I get asked a lot which cloud provider I prefer, even by people that know me well, and the answer I give lately really surprises them I think. My answer is: a combination of all of them and colocated environments. I think when it comes to the major players in the cloud world namely GCP, Azure and AWS, most of the offerings are pretty much on-par with each other. The preference people have really comes from the trust in the company’s management of the environment, price, friendliness and familiarity of interface; and clear visibility into what’s going on. Well sure, but that’s only good as long as you’re only using one, but in many enterprises, there are really good reasons to use a combination of cloud providers, combined with on-premise and colocated hardware. Some of these reasons include risk of availability in extreme cases of global outages from a single provider (and there are examples of this in the past,) and others include specific niche offerings that are only offered by one provider and only used by a specific department. Let’s take a look at tools some of the top technology companies use to manage their cloud-hybrid environment.
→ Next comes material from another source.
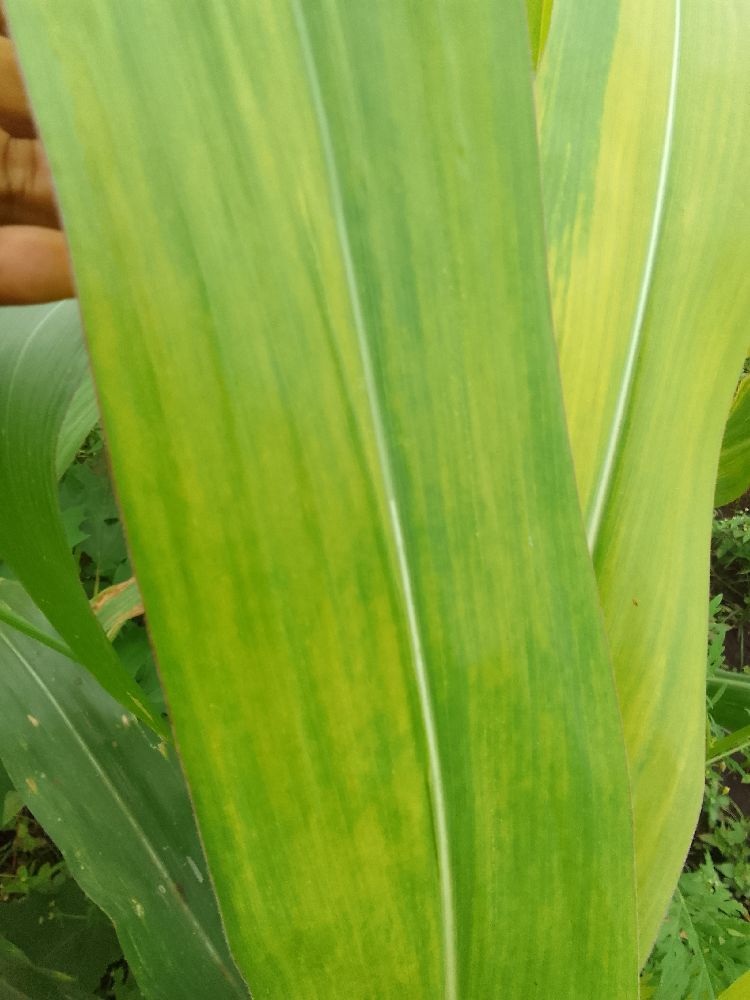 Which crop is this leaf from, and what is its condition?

The Old and Obsolete IT Department
The IT department was created in the dawn of the age of technology, and it served businesses well back then. Corporations were formed by a handful of really smart individuals, which took the roles of President or CEO, and set the vision of the overall company. This person then hired the core team of business leaders: Chief Technical Officer, Chief Financial Officer, Chief Operations Officer, Chief Marketing Officer, Senior Vice President of Sales, General Counsel and so on. The most critical for roles that drove business were of course the heads of the Sales and Marketing departments, driving the CEO’s vision. They did the market research, identified revenue streams and new markets, and set the company’s heading. This means they chose who the target audience of their products were going to be, and which products they would invest in and develop.
The CTO was the facilitator when it came to technology; he was present at the table in those discussions, and made known what was technically feasible and what the cost of the investment would likely be. Thus, the IT department was born. It’s mission: to bring together some of the smartest and most technical people the company could find, put them all in one room, and drive them to forge relationships with the rest of the business departments to facilitate any technological needs the company had.
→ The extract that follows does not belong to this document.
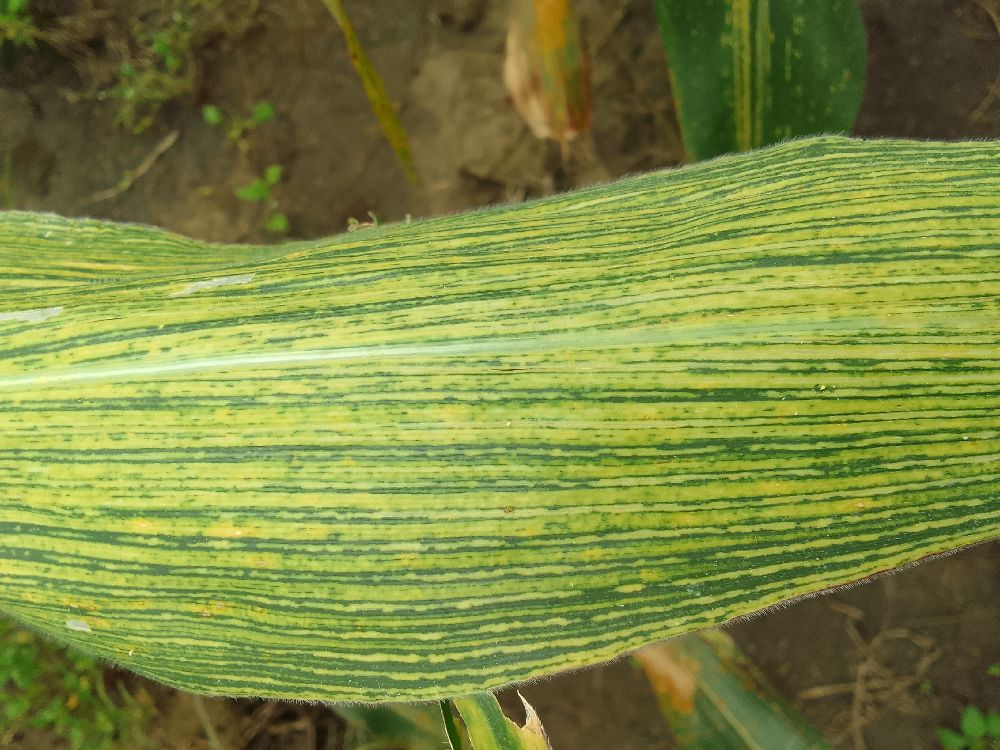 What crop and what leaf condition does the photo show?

maize, maize streak virus

When software came along, that was a new thing as well, and now companies had to figure out if that was still IT or something else. And most of the time, it became “application teams”, which also reported to the CTO for the most part. IT then was networking, hardware and virtualization environments, corporate office and printer management, managing the organization’s corporate directory and email servers, and so on. Application teams then would focus on development of software the company needed; and once the software is ready, they would package it up, write instructions on how to deploy it, and hand it off to IT to install and maintain it. The IT department now of course also took on the role of deploying this software and maintaining it in production, at least from an operational standpoint. Next, in the 90s, we have security starting to become a concern, and again the heroes of IT step in, and become the champions of yet another thing.
Fast forward a few decades, and we have IT basically either have an incredible budget, with lots of granular procedures and sub-teams focused on each of the above areas or more; or we have a small group of cross-functional under-budgeted team doing their best to keep things running. In either case one thing is obvious: there are inevitable delays when something crosses boundaries.
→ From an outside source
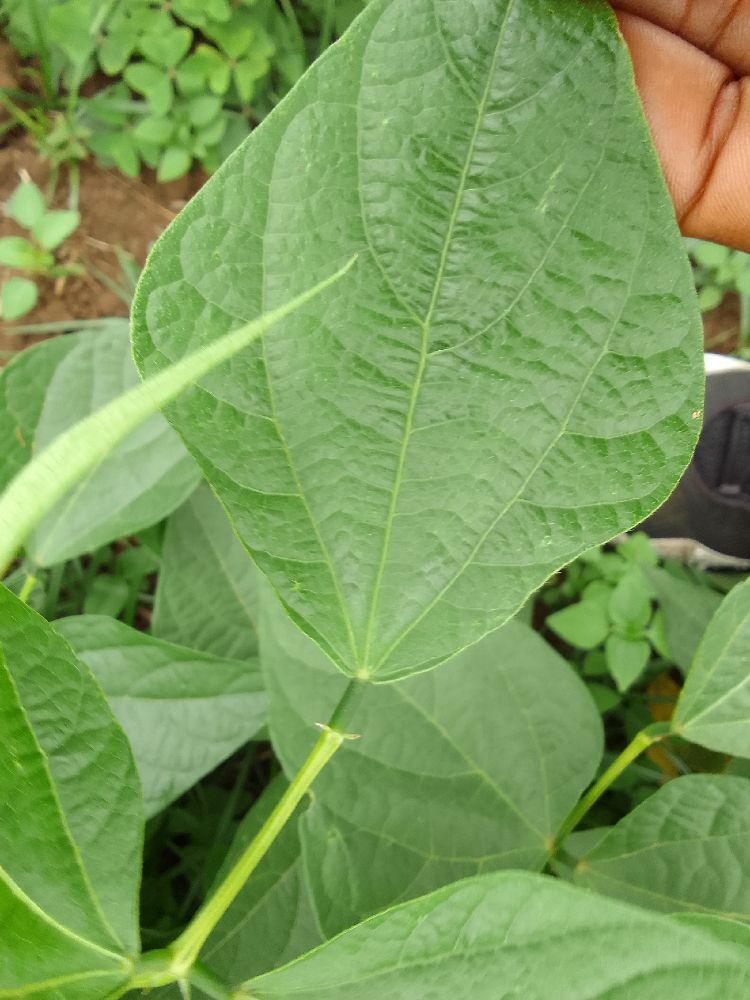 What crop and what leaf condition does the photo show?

common bean, healthy

This type of organizational structure of course is also what led to the adoption of the waterfall model in software development. From a CEO’s perspective, you ended up having the smartest people at the top, the Marketing and Sales leads, which would set the vision and delegate down to directors of divisions, which would break things down more and delegate to research teams and project managers, which would then break the problem into byte-size tasks, which would be handed down to programmers to turn into machine logic/code.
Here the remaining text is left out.